|
Merhabalar,
Konuya ilişkin ulaşabildiğim emsal nitelikteki kararı bilginize sunarım. Saygılarımla.
11.Hukuk Dairesi
Esas: 2010/358
Karar: 2011/8632
Karar Tarihi: 11.07.2011
ÖZET: Dava, davacı tarafından kullanılan kredinin erken ödenmesi nedeniyle haksız olarak kesildiği iddia olunan tutarın tahsiline ilişkin olup, davalı erken ödeme yapıldığını ve sözleşmeye göre yapılan kesintinin usulüne uygun olduğunu savunmuş, davacı ise erken ödemenin söz konusu olmadığını belirtmiştir. Taraflar arasında imzalanan genel kredi sözleşmesinde erken ödeme halinde kesinti yapılacağına dair hüküm bulunduğuna göre, uyuşmazlığın hallinde öncelikle bir erken ödeme olup olmadığının ve varsa bunun süresinin, buna göre yapılan kesintinin doğru olup olmadığının araştırılması gerekmektedir.
(2004 S. K. m. 72)
Dava ve Karar: Taraflar arasında görülen davada Serik 1. Sulh Hukuk Mahkemesi'nce verilen 03.06.2009 tarih ve 2008/395 - 2009/313 sayılı kararın Yargıtay’ca incelenmesi davacı tarafından istenmiş ve temyiz dilekçesinin süresi içinde verildiği anlaşılmış olmakla, dava dosyası için Tetkik Hakimi D. S. tarafından düzenlenen rapor dinlendikten ve yine dosya içerisindeki dilekçe, layihalar, duruşma tutanakları ve tüm belgeler okunup, incelendikten sonra işin gereği görüşülüp, düşünüldü:
Davacı, davalı bankadan 28.06.2007 tarihinde 200.000 Euro ticari kredi Kullandığını, 07/09/2007 tarihinde borcu ödediğini, davalı bankanın erken ödeme nedeniyle erken kapama komisyonu adı altında hesabından 3.500 TL para çektiğini ileri sürerek, 3.500 TL'nin avans faizi ile tahsilini talep ve dava etmiştir.
Davalı banka vekili, davacının 23/05/2007 tarihli Genel Kredi Sözleşmesi ile 200.000 Euro ticari kredi kullandığını, geri ödemenin 12 taksit olarak 3,5 yıl vadeli yapılacağını, davacının 28/06/2007 tarihinde kredi borcunu bankaya ödediğini.
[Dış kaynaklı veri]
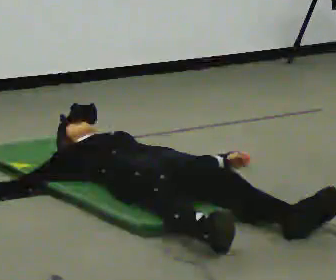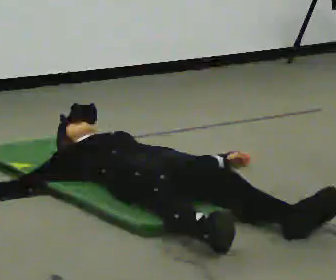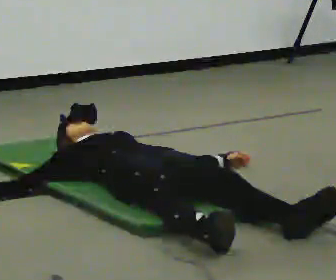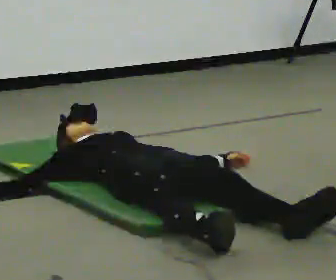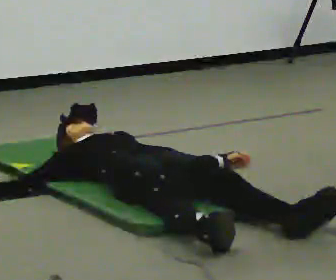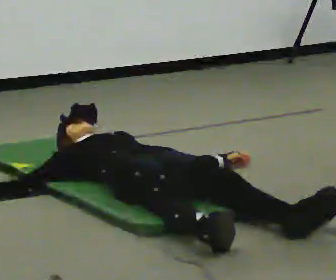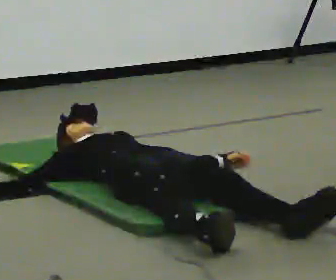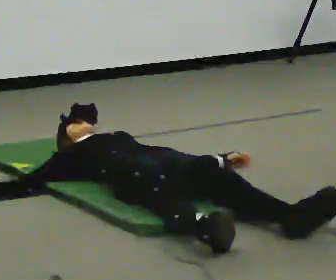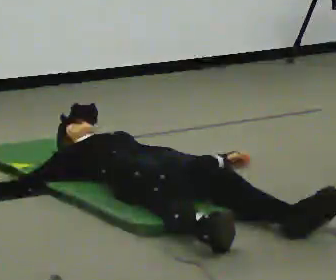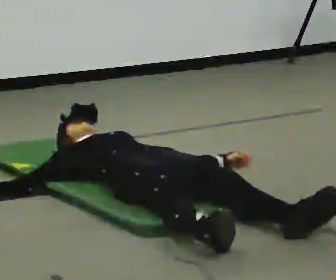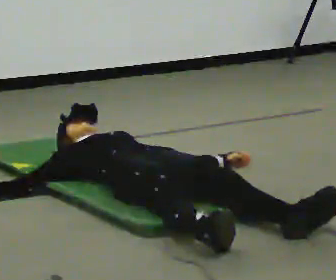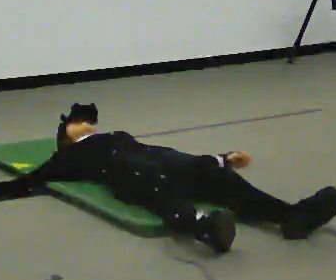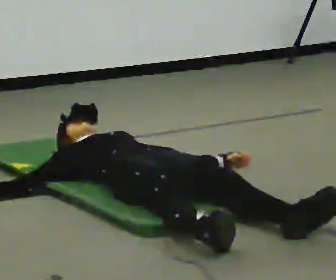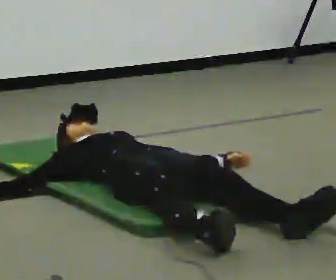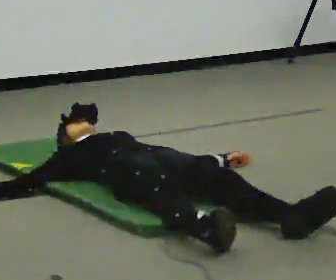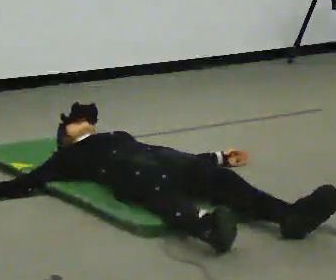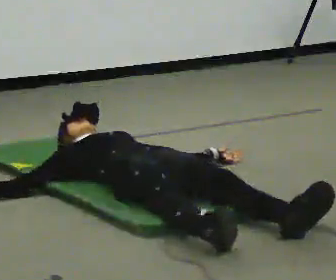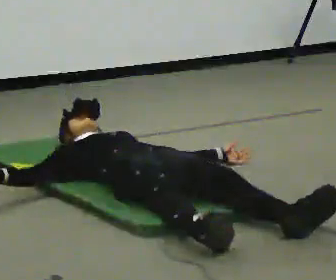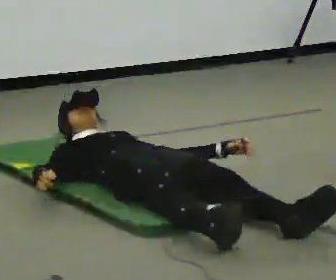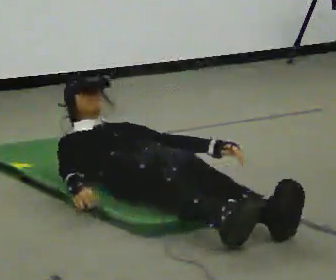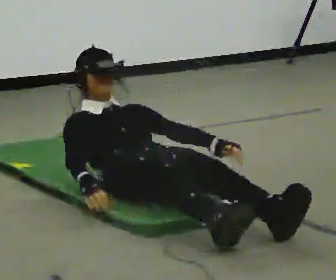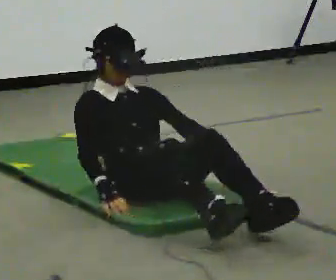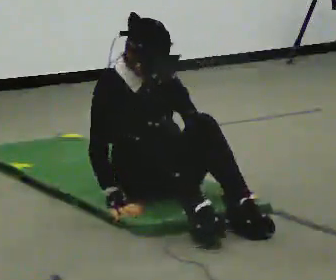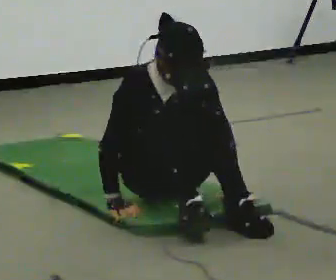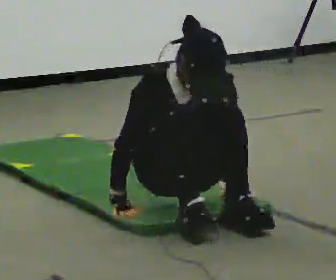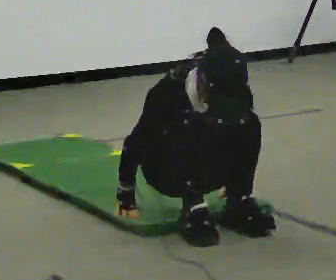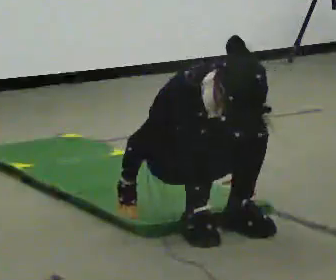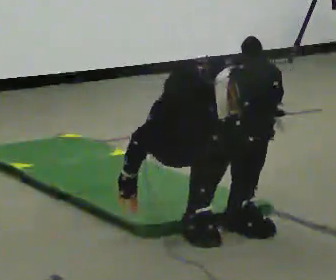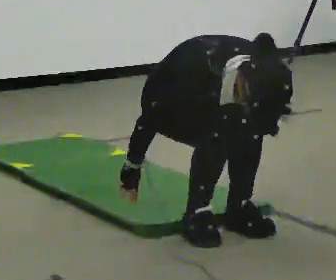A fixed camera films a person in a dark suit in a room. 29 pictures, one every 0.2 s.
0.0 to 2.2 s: The person keeps their place and pose.
2.2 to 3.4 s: The person moves a little, or ends about where they began.
3.4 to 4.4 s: The shoulders move upward. The upper body tips toward the camera, its near side rolling downward, as they bend forward. In the picture their right hand goes to the right.
4.4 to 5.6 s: In the picture they go toward the camera, about 0.25 m, which for them is forward. The shoulders move upward. The upper body tips toward the camera, its near side rolling downward, as they bend forward.
The film runs backward here.
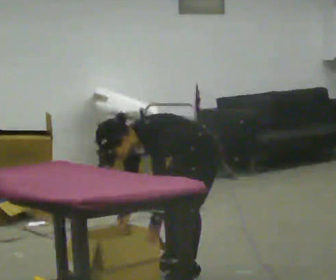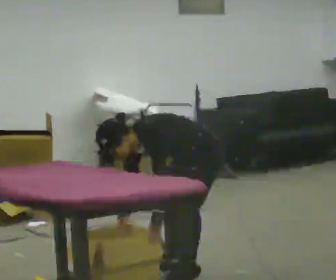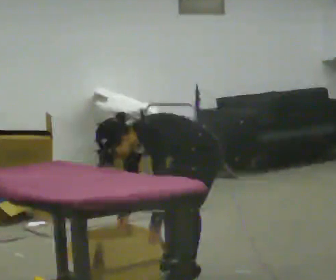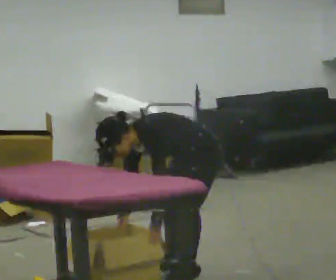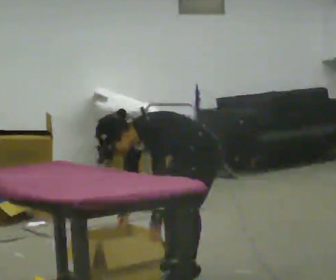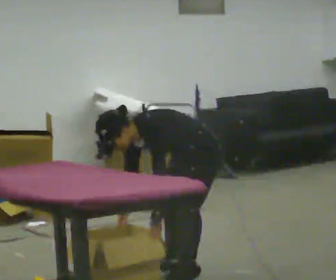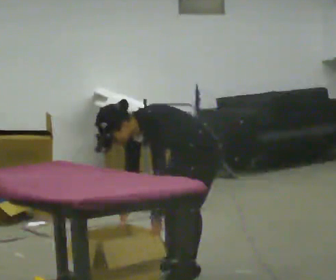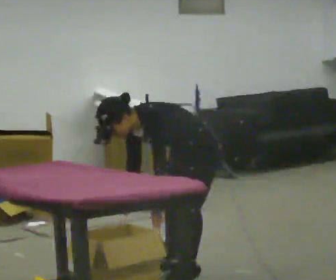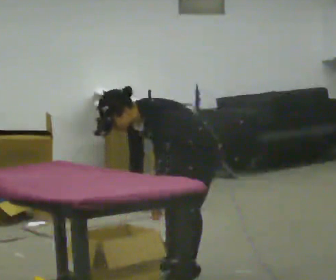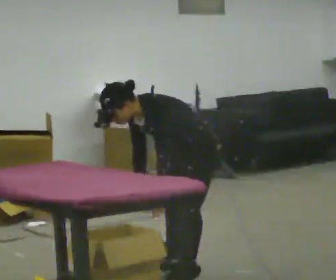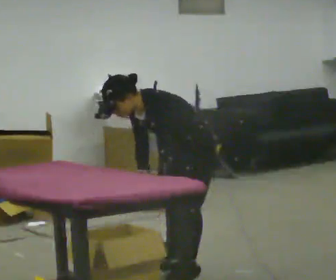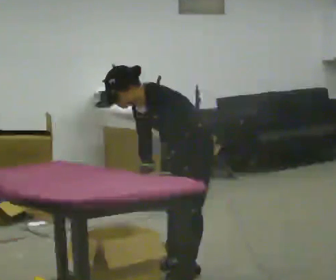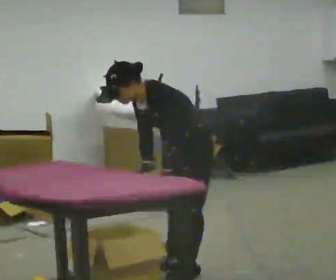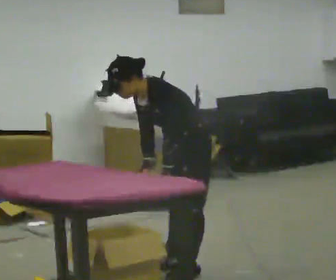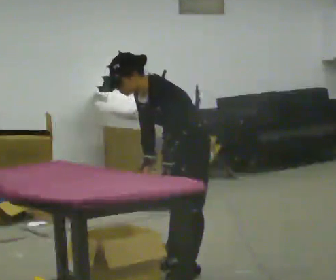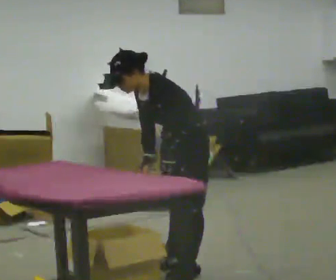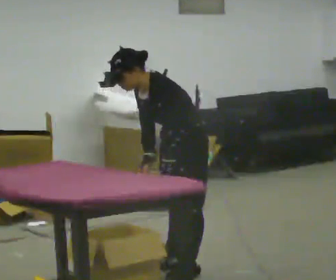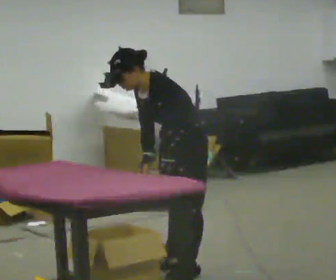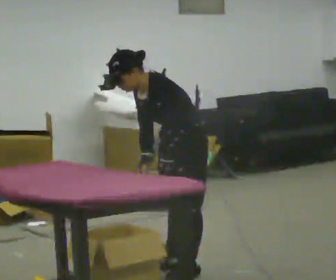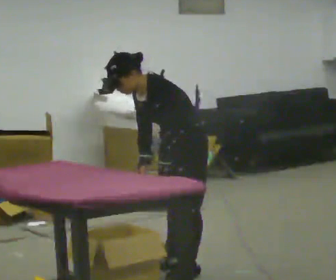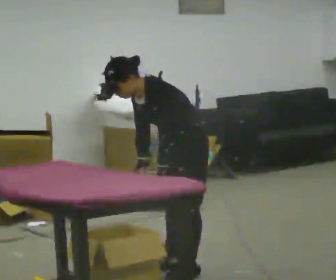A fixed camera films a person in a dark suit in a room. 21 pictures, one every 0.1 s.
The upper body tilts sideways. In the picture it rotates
clockwise.
0.0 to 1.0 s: The shoulders move upward. In the picture the upper body tilts clockwise, shoulders to the right, as they lean back or straighten.
1.0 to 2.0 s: The person moves a little, or ends about where they began.
The film runs forward here.
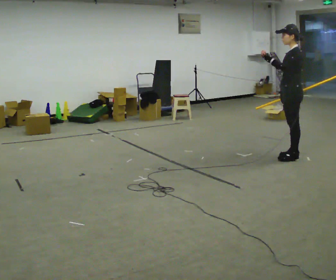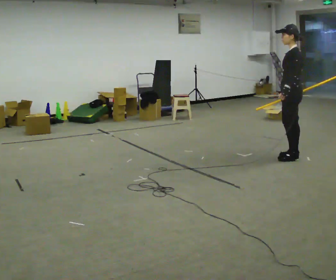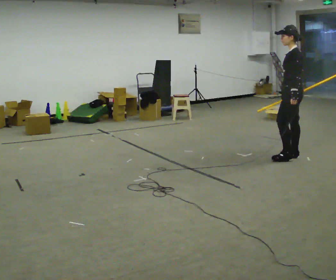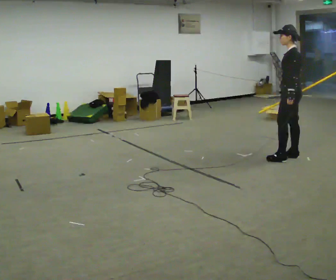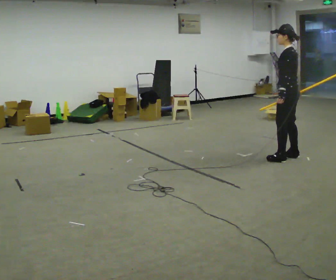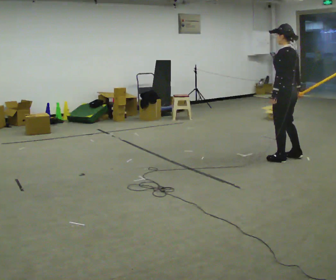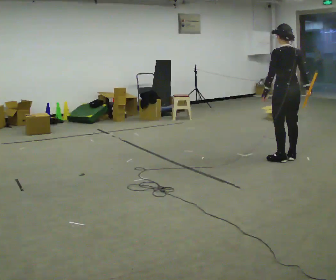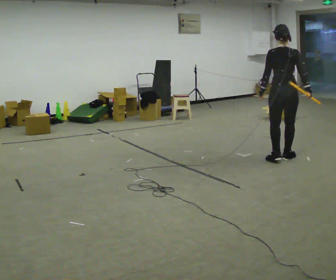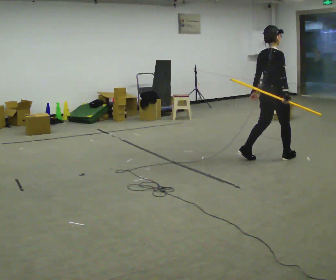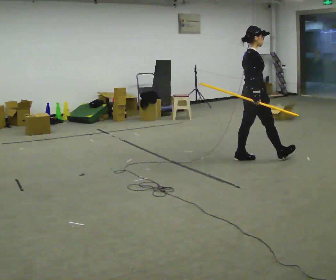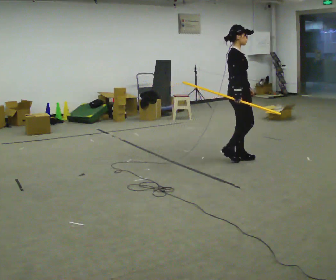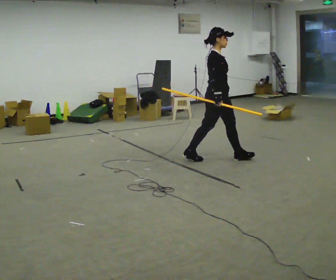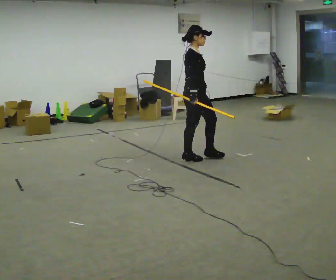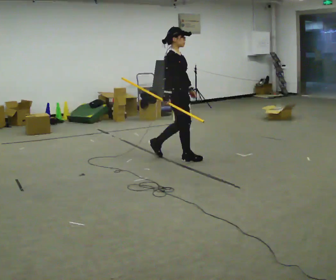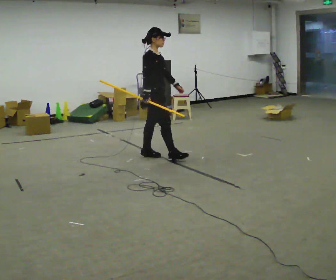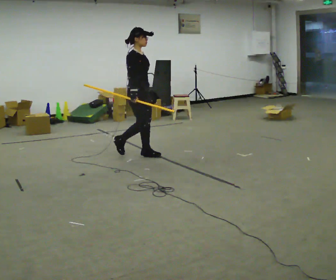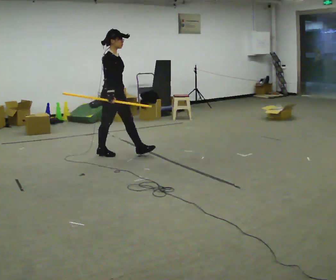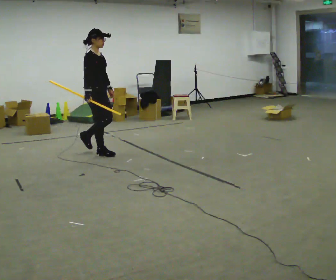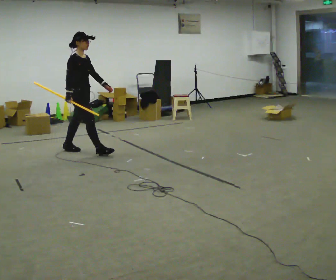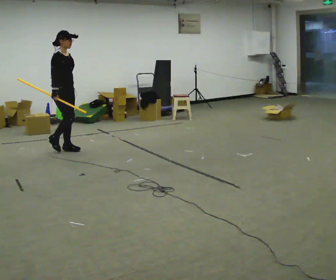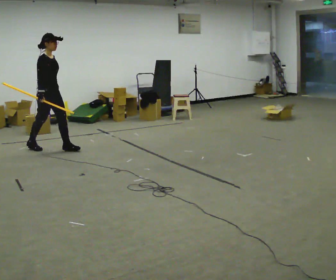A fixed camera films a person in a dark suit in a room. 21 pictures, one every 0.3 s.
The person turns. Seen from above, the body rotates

Genel Kredi Sözleşmesi'nin 15.6 maddesi gereğince erken kapama komisyonunun tahsil edilmesinin sözleşmeye uygun olduğunu savunarak, davanın reddini istemiştir.
Mahkemece, toplanan delillere ve benimsenen bilirkişi raporuna dayanılarak, taraflar arasında imzalanmış Genel Kredi Sözleşmesi gereği kullanılan Dövize endeksli Ticari Kredinin erken ödenmesi üzerine davacının hesabından erken ödeme ücreti olarak ihbarda bulunmaksızın ücret kesilmesinin Genel Kredi Sözleşmesi'nde düzenlenmiş olduğu, bu düzenlenmenin hukuka ve emredici hukuk kurallarına aykırı olmadığı gerekçesiyle davanın reddine karar verilmiştir.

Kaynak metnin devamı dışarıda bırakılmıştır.